In Japan, the operation of prehospital physician teams, such as dispatch criteria and operating time), varies according to the medical control area. The coverage area also varies largely depending on whether it is an urban or rural area. The physicians are delivered in a car or a helicopter according to the system of the medical control area. They are not always trauma surgeons but are those usually working at an ED and trained to provide basic prehospital trauma management such as assessment with sonography, tracheal intubation, chest drainage, intraosseous infusion, and temporal hemostatic maneuver using a tourniquet. Regarding fluid resuscitation, prehospital blood transfusion is not common in Japan, and only the administration of the crystalloid solution is provided in many cases.
This study complied with the principles of the 1964 Helsinki Declaration and its later amendments. The Ethics Committee of Tokyo Medical and Dental University approved this study (#2192). The requirement for informed consent from each patient was waived because of the study’s retrospective design and the use of anonymized patient data.
Patients who met all of the following criteria were included: (1) patients who suffered injuries of Injury Severity Score (ISS) ≥ 16, (2) patients who were transferred directly from the scene of injury, and (3) patients whose specific information regarding times of injury, physician contact, and hospital arrival were available. We excluded patients from the analysis if they met at least one of the following criteria: (1) cardiac arrest at the scene of injury, (2) unsalvageable injury defined as AIS = 6, (3) missing data required for analyses, and (4) unrealistic or outlier values on prehospital time course. Outlier values on prehospital time course were determined using robust regression analysis in which time of injury, physician contact time, and hospital arrival time were accounted for.
We collected information on the following items from the JTDB: age; sex; mechanism of injury; type of injury (i.e., blunt or penetrating); year, season, and time of injury; time of physician contact; time of hospital arrival; systolic blood pressure, heart rate, and respiratory rate at the scene of injury, consciousness level at the scene of injury (recorded using the Japan Coma Scale[9]); The highest score of AIS values for each region of the body; ISS; and patient survival status at hospital discharge.

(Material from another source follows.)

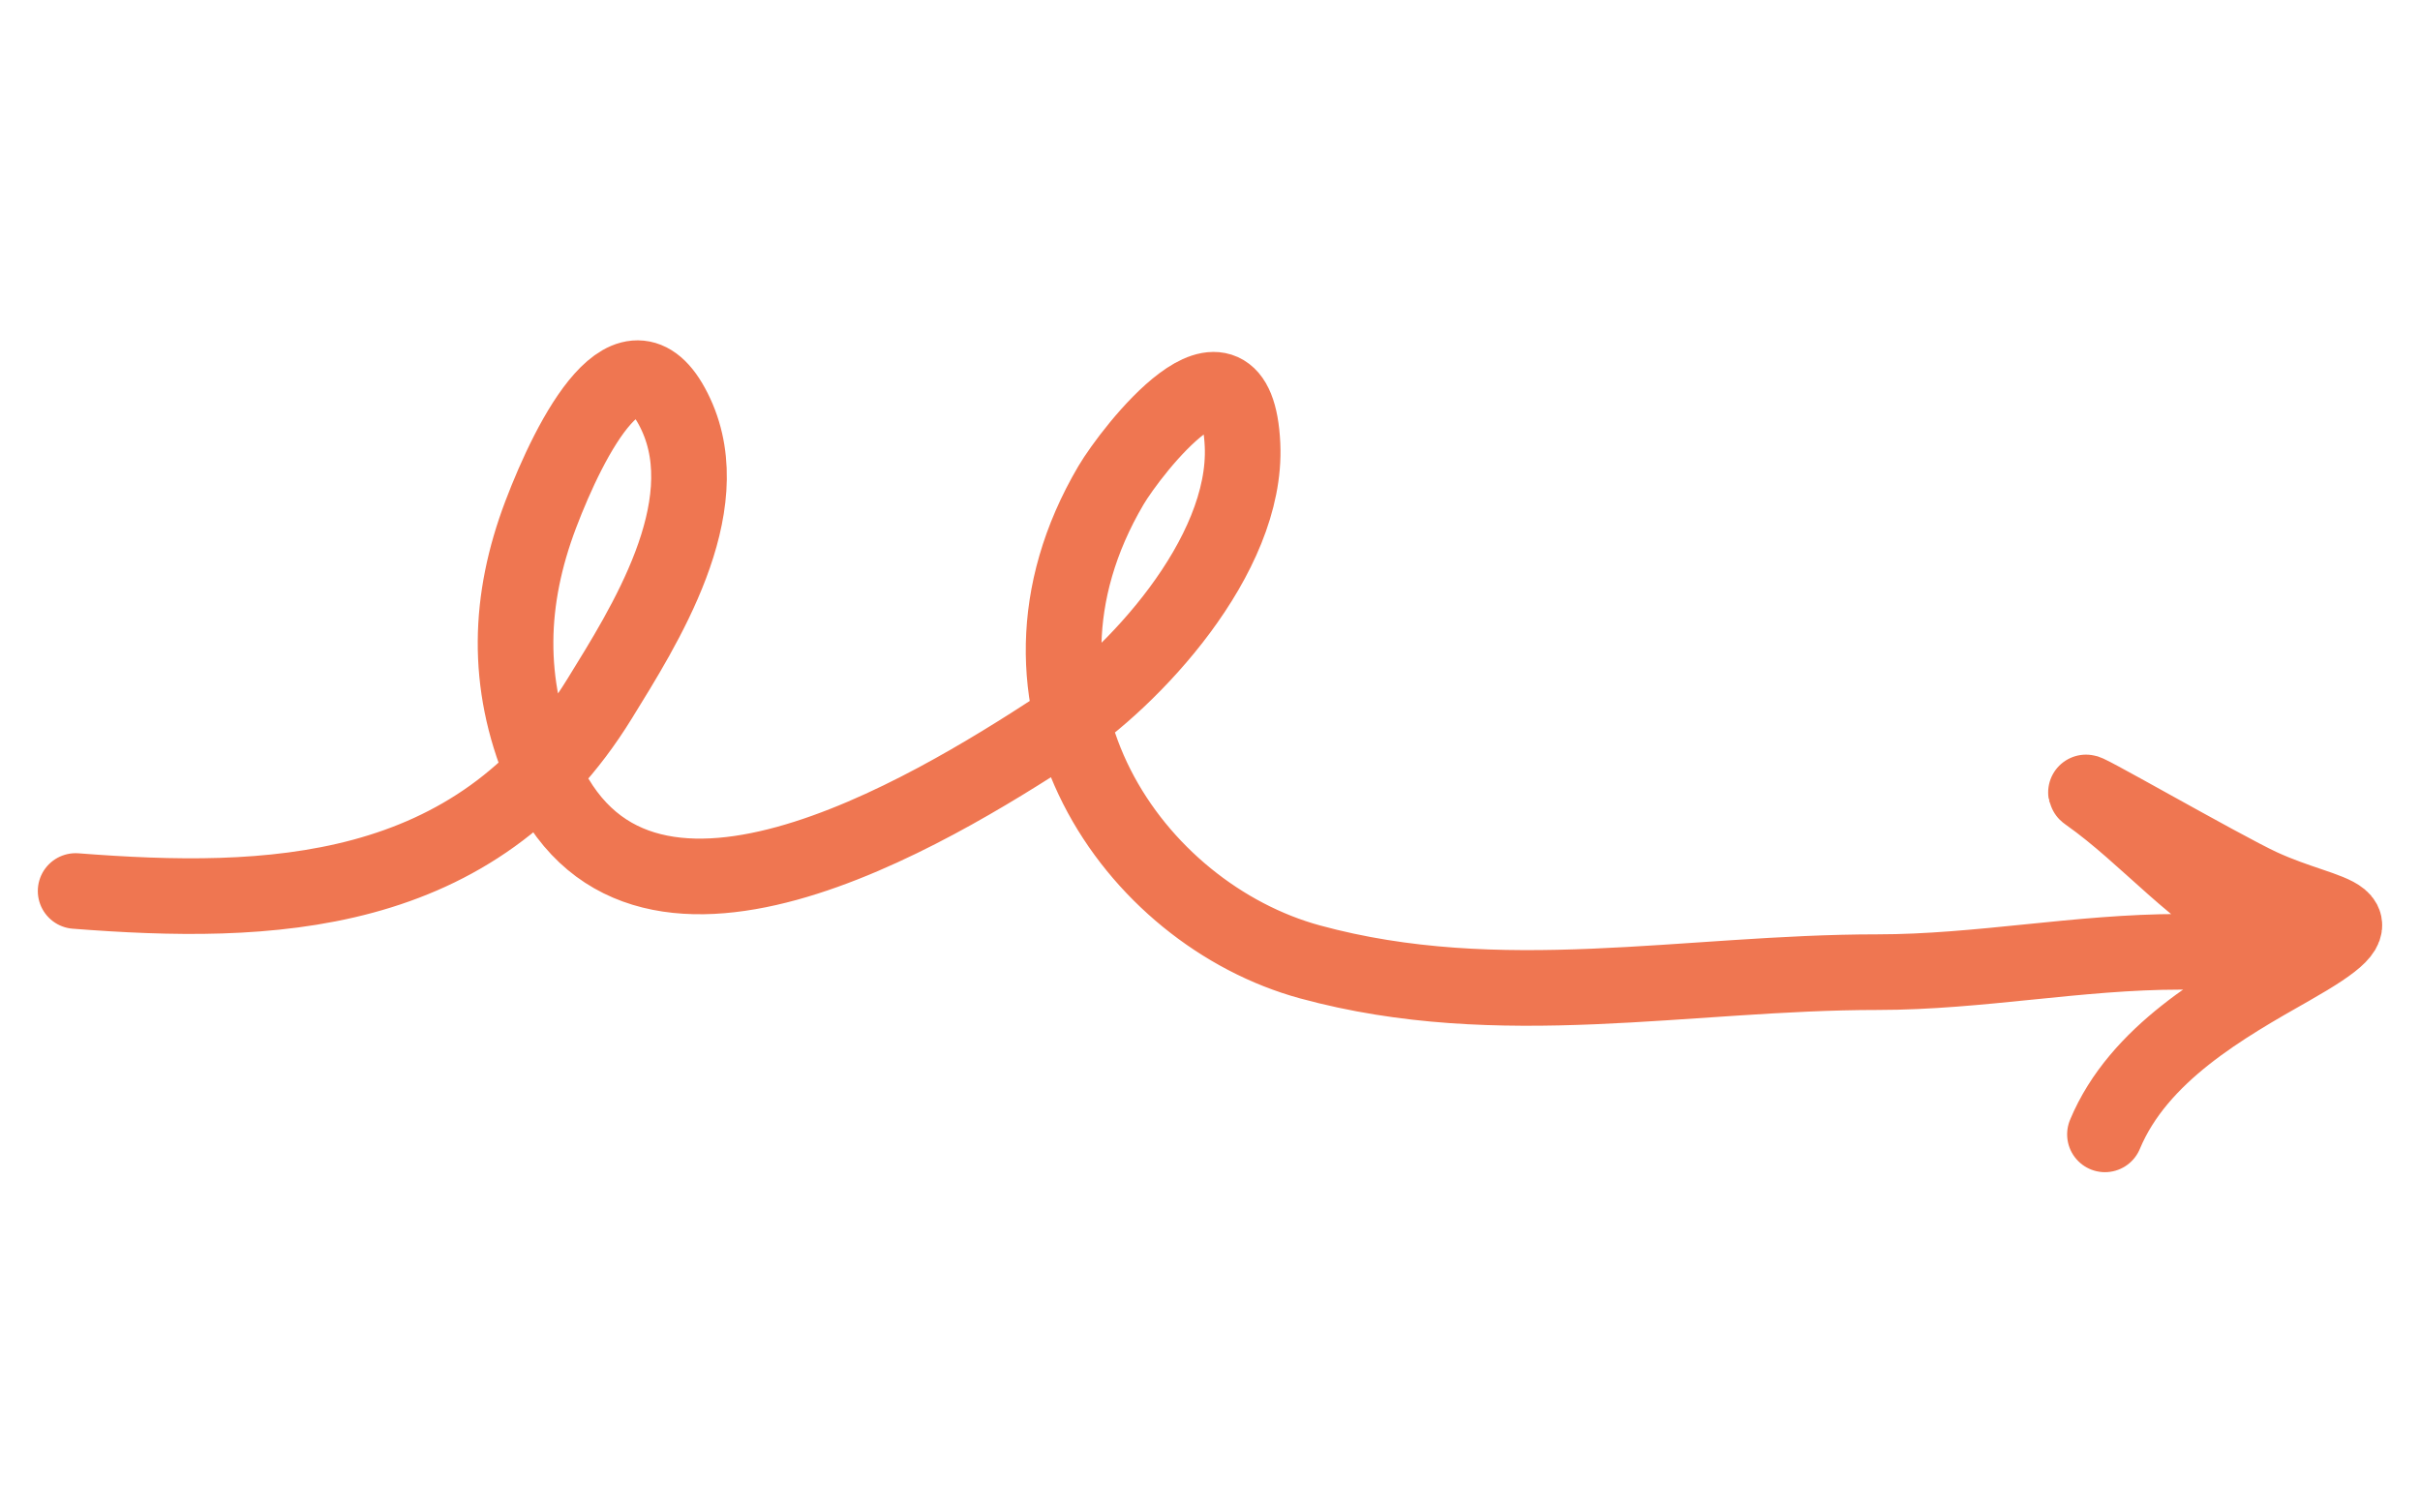 <svg width="32" height="20" viewBox="0 0 32 20" fill="none" xmlns="http://www.w3.org/2000/svg">
<path d="M1 11.782C3.54 11.979 6.287 11.912 7.932 9.234C8.509 8.296 9.516 6.726 8.938 5.48C8.346 4.202 7.543 5.768 7.149 6.806C6.725 7.926 6.684 9.028 7.162 10.173C8.392 13.123 12.305 10.72 13.97 9.636C14.968 8.986 16.498 7.36 16.43 5.882C16.35 4.165 14.959 5.962 14.69 6.418C13.009 9.274 14.994 12.085 17.324 12.72C19.836 13.405 22.306 12.855 24.828 12.855C26.17 12.855 27.484 12.586 28.828 12.586C29.205 12.586 30.283 12.471 29.933 12.303C29.048 11.879 28.401 11.058 27.61 10.501C27.324 10.299 29.39 11.489 29.896 11.722C30.857 12.165 31.61 12.047 30.294 12.795C29.408 13.298 28.279 13.932 27.834 15" stroke="#EF7651" stroke-linecap="round"/>
</svg>

We identified patients with physician-led prehospital management by comparing time of physician contact and time of hospital arrival. Eligible patients were divided into the physician-led prehospital management group (physician-led group) and the paramedic-led prehospital management group (paramedic-led group). Season of injury was divided into four categories by quarter, beginning in January. Time of injury was divided into four zones every 6 hours, beginning at 0:00. The study outcome was in-hospital mortality.
Considering the heterogeneity of trauma patients between the physician-led group and the paramedic-led group, we used a propensity score matching analysis[10] to compare the outcome between the two groups. In this analysis, a logistic regression model was applied to estimate the propensity score for each patient, predicting physician-led prehospital management based on age, sex, mechanism of injury, type of injury, year of injury, systolic blood pressure and respiratory rate at the scene of injury, consciousness level at the scene of injury, and ISS, in addition to prehospital transport time (from injury onset to hospital arrival). Considering the differences in staffing according to working hours and in road conditions according to season, both time and season categories of injury were incorporated into the model. These variables were chosen based on the clinical perspective, and the predictive accuracy of these variables for in-hospital mortality was assessed using C-statistics. Propensity score matching extracted 1:4 matched pairs from the physician-led and paramedic-led groups; this ratio was determined based on the feasibility of match balance and maximum use of patient data. Match balance between the groups was assessed by the absolute standardized mean difference (ASMD); values < 0.1 were considered acceptable. The caliper width was set as the standard deviation of the logit-transformed propensity score multiplied by 0.1 to achieve well-matched balance between the two groups. The chi-square test was used for intergroup comparison in the propensity score-matched cohort. The effectiveness of physician-led prehospital management was also evaluated in a sensitivity analysis in an overall study cohort (i.e., not the propensity score-matched cohort) using a multivariate logistic regression model. In this model, the aforementioned variables used in the propensity score calculation were used as the covariates. Multicollinearity was assessed by the variance inflation factor, with the tolerance value set at < 2.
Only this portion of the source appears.